▶ **Problem requirements**
For the records that follow, return only the count of lines containing the string "upright".

---- Supplied data

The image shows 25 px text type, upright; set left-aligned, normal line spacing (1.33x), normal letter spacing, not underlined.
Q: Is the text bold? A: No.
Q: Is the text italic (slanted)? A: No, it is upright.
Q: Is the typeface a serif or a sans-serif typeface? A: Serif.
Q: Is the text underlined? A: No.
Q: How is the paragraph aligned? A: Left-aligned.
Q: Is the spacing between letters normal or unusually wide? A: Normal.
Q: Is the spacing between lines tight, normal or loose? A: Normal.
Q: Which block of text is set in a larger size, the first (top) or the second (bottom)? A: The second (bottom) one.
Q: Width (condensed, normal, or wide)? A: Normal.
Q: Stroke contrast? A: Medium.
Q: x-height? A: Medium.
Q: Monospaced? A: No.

--------
---- Supplied data

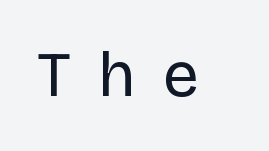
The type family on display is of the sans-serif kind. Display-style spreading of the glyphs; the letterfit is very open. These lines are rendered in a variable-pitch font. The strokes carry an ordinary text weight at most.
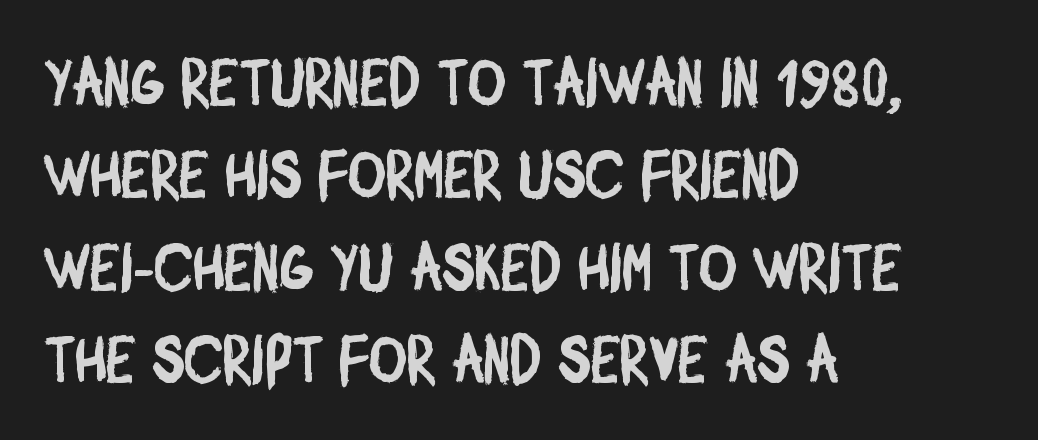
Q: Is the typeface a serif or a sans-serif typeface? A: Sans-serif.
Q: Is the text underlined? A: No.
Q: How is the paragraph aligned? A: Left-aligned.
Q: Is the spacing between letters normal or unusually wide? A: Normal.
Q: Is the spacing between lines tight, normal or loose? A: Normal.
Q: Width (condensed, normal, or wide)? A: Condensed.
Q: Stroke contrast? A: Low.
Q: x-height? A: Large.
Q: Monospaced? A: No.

--------
---- Supplied data

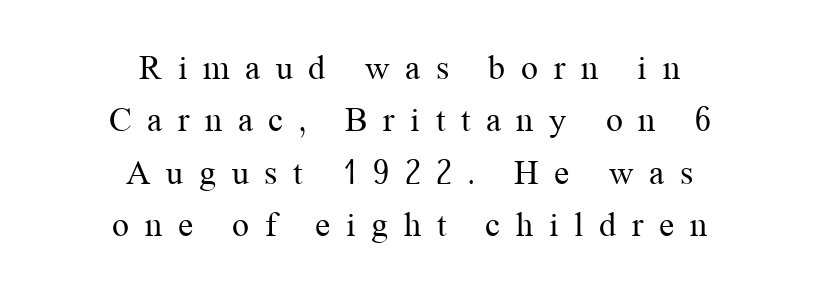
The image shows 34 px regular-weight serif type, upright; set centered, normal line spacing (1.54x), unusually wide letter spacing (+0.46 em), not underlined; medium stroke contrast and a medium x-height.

--------

▶ **Result for this task**
3